[Opening DATA SHOWN section]

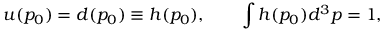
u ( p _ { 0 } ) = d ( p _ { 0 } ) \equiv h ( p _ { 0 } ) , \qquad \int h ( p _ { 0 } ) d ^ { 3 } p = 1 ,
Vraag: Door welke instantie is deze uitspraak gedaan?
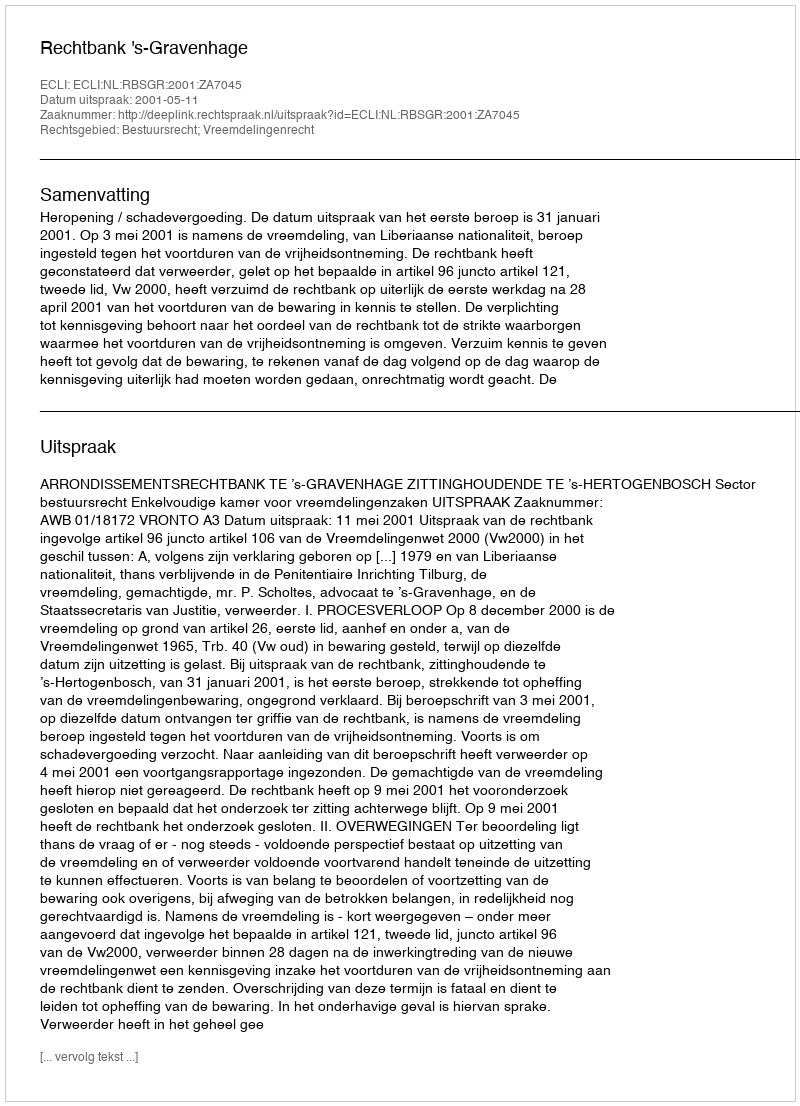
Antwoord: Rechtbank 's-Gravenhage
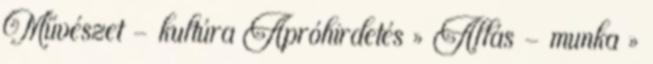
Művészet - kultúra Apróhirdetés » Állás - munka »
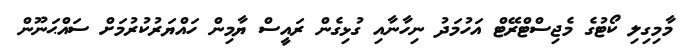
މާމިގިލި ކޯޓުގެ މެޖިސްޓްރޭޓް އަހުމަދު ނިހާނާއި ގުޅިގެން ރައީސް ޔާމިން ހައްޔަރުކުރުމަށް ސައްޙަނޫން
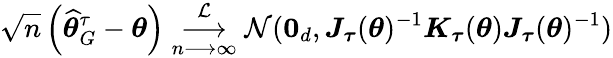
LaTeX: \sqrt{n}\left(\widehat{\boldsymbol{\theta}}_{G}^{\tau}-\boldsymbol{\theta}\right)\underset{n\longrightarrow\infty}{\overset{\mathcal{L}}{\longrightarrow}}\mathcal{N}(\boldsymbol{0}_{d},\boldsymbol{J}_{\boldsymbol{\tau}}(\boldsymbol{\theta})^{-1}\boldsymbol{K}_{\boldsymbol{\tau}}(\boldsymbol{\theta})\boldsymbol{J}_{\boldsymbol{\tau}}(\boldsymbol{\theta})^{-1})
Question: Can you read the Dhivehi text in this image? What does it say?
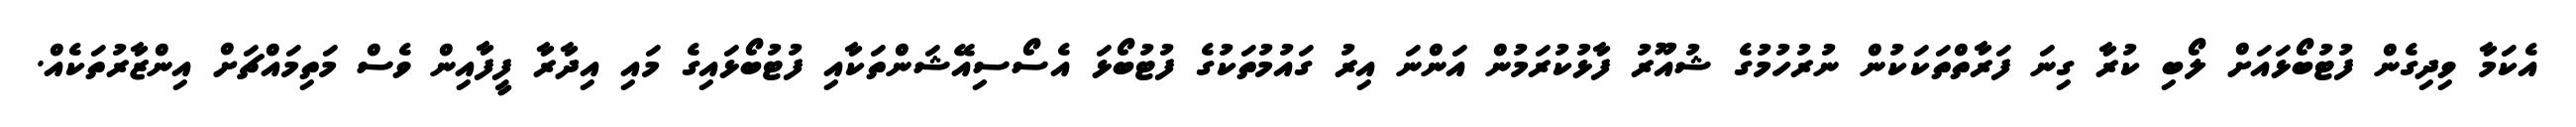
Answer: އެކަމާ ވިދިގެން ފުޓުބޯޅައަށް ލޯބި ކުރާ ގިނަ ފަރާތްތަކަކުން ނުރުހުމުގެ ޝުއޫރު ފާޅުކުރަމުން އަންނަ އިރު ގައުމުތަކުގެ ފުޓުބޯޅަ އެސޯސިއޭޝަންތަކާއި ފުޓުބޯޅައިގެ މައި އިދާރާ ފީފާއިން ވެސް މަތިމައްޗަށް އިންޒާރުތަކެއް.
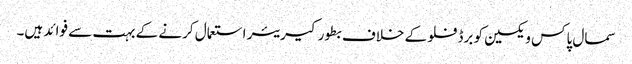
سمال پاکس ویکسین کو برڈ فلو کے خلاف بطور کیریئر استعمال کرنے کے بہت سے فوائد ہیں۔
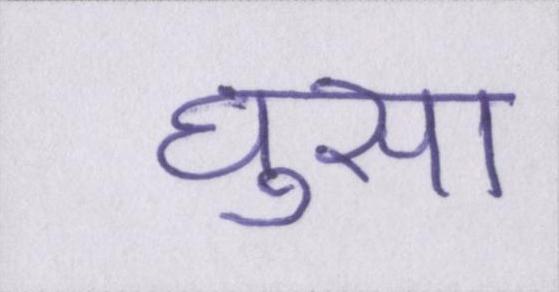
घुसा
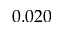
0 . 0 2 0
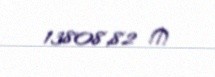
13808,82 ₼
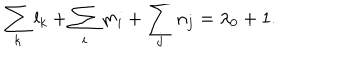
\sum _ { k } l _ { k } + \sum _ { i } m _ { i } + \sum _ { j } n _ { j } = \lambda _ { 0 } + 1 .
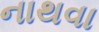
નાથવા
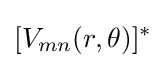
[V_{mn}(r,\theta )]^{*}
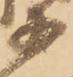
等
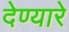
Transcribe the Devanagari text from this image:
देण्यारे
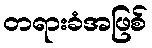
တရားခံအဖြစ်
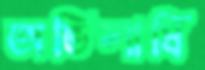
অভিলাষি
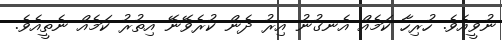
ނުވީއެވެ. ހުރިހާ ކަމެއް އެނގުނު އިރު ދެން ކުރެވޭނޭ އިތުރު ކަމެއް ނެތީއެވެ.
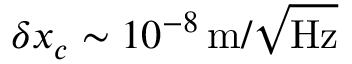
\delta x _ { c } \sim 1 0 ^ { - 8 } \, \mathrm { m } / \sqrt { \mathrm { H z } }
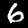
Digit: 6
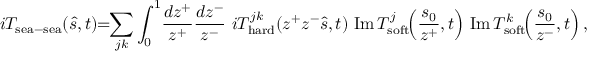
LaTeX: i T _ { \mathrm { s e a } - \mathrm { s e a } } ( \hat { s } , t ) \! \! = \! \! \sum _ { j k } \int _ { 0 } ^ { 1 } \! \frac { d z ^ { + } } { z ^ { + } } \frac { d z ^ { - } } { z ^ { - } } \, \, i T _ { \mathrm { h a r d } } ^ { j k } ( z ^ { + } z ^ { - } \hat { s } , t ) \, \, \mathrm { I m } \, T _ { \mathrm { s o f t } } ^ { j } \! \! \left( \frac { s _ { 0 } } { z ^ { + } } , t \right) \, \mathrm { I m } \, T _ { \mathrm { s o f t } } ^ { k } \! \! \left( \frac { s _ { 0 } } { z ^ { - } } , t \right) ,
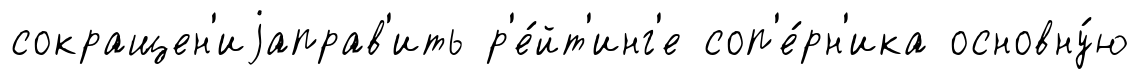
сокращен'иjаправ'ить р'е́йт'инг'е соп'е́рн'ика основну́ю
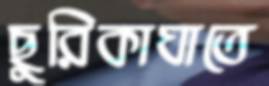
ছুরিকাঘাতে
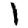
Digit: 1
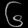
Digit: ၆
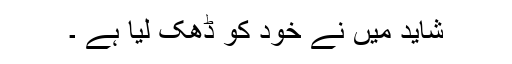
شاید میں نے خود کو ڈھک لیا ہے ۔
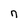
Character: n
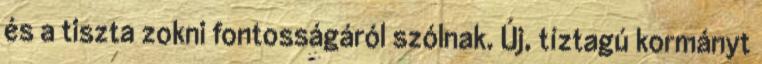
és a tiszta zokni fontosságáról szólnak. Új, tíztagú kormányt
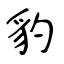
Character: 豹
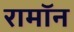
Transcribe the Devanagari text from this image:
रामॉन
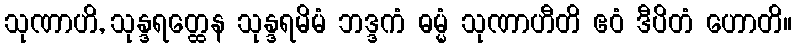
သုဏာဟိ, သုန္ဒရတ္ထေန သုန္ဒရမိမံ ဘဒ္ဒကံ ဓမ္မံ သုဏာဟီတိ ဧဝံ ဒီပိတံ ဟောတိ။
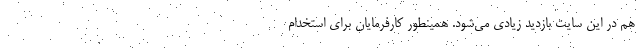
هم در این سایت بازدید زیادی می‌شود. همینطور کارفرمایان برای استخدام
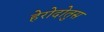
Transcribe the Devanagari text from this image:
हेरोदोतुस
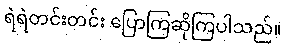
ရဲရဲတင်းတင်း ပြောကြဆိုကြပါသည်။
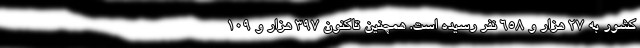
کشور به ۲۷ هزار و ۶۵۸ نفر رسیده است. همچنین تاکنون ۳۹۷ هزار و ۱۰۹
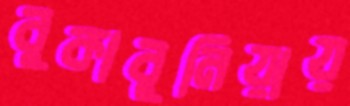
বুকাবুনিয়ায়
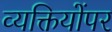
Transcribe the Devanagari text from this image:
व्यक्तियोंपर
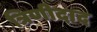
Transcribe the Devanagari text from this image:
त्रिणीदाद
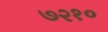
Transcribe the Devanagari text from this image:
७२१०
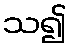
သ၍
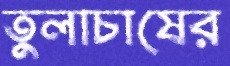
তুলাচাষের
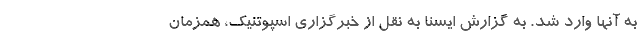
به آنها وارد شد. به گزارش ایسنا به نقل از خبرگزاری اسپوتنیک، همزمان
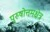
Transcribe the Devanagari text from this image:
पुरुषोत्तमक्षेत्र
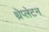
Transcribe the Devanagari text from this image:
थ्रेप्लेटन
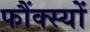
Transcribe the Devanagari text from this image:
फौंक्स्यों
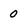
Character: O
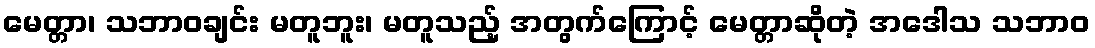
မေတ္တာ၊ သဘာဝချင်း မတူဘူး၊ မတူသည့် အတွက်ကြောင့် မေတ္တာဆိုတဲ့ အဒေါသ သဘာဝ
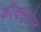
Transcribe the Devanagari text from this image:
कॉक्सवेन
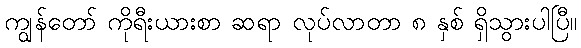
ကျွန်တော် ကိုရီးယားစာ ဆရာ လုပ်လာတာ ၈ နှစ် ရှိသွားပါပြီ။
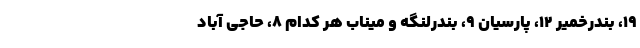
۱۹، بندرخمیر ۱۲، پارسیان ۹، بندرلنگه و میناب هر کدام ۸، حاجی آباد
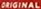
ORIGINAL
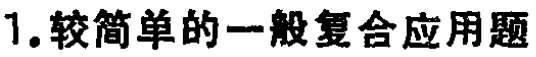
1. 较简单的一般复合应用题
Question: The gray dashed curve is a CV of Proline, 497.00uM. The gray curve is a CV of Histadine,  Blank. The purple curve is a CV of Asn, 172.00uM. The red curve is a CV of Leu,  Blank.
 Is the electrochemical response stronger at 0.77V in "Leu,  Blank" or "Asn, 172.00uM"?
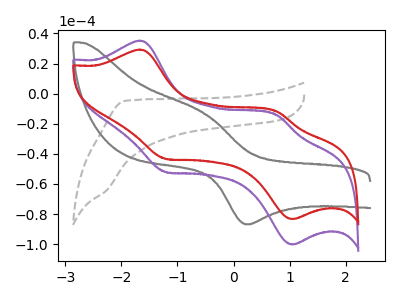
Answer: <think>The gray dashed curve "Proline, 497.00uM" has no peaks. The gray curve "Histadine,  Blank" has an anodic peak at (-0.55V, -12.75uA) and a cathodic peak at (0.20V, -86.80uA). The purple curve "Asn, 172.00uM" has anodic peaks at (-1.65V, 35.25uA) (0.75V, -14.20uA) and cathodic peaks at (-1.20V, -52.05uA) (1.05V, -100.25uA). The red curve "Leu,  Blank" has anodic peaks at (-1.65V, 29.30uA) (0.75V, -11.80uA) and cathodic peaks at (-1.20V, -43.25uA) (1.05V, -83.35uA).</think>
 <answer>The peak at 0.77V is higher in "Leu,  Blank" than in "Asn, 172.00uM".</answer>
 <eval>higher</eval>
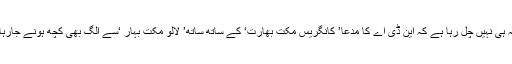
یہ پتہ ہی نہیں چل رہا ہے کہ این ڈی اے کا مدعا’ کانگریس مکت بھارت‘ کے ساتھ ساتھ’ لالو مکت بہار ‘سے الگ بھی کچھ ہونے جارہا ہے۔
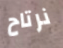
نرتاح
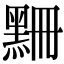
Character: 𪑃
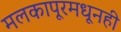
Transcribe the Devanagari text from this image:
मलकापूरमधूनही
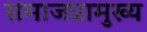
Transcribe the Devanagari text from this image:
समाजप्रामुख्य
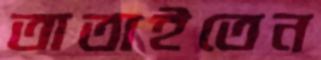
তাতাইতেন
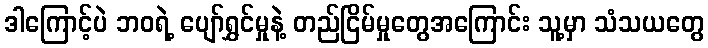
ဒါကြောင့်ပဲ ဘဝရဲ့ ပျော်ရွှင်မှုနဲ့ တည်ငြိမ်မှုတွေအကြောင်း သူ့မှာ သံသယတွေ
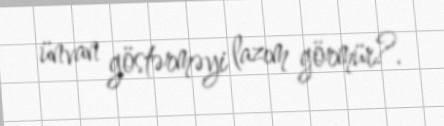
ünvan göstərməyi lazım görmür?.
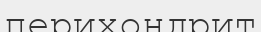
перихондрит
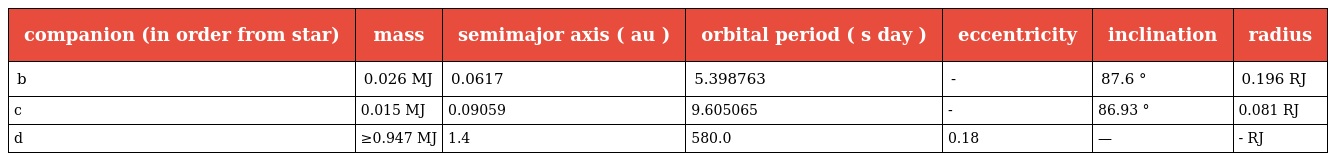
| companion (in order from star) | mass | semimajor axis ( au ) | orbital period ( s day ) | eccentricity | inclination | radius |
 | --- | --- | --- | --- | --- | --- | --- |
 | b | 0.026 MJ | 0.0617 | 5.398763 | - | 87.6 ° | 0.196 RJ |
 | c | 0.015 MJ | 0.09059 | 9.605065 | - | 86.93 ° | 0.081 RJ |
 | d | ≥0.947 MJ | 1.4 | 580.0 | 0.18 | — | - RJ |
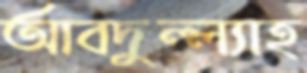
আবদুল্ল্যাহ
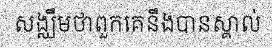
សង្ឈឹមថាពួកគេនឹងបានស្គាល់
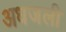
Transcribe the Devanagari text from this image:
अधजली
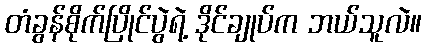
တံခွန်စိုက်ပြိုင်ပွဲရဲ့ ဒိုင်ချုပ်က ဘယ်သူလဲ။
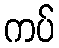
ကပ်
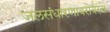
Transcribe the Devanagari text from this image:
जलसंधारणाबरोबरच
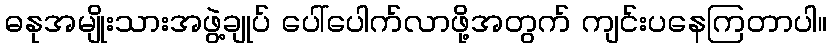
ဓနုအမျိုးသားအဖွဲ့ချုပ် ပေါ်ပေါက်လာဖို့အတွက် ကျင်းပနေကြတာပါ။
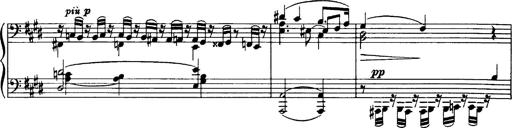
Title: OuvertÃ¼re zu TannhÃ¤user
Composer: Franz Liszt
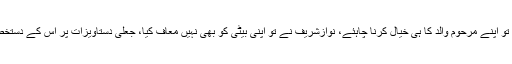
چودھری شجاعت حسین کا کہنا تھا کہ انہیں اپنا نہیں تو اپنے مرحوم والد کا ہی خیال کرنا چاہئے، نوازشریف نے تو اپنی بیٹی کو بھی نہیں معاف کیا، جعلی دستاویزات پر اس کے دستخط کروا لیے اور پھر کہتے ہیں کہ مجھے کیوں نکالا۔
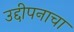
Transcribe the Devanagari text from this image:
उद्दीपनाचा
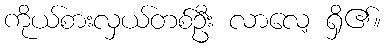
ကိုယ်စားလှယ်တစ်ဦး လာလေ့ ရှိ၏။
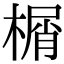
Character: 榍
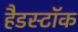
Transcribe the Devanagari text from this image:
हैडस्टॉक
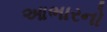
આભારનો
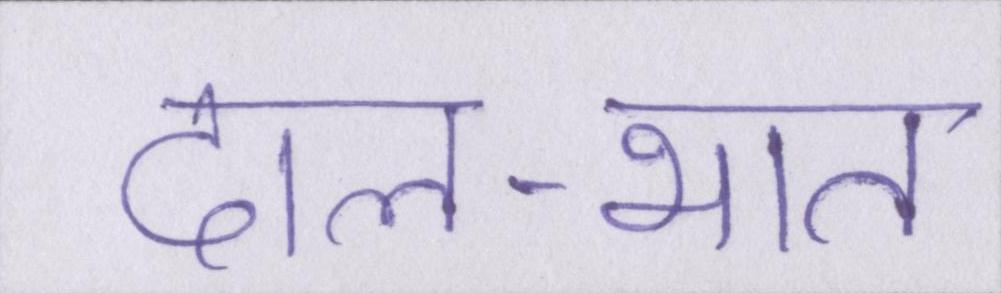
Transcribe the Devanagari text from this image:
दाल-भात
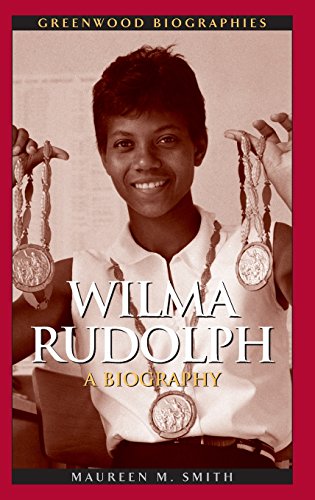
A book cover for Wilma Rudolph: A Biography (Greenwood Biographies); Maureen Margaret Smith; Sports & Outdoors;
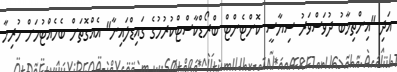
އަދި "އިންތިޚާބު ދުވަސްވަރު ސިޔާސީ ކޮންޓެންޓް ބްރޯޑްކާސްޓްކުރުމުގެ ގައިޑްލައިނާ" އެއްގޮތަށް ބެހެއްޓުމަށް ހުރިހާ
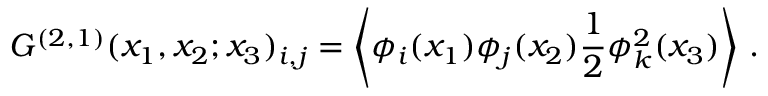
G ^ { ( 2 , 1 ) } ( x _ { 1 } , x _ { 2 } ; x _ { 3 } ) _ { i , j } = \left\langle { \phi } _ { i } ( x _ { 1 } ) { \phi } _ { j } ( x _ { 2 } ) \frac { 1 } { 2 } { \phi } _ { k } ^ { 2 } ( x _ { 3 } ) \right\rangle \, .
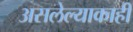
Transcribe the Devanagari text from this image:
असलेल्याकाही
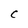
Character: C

[Closing DATA SHOWN section]

> EXERCISE:
Which lines of the listing include the string "Question"? Pull them out.

> RESPONSE AREA:
Question: Can you read the Dhivehi text in this image? What does it say?
Question: The gray dashed curve is a CV of Proline, 497.00uM. The gray curve is a CV of Histadine,  Blank. The purple curve is a CV of Asn, 172.00uM. The red curve is a CV of Leu,  Blank.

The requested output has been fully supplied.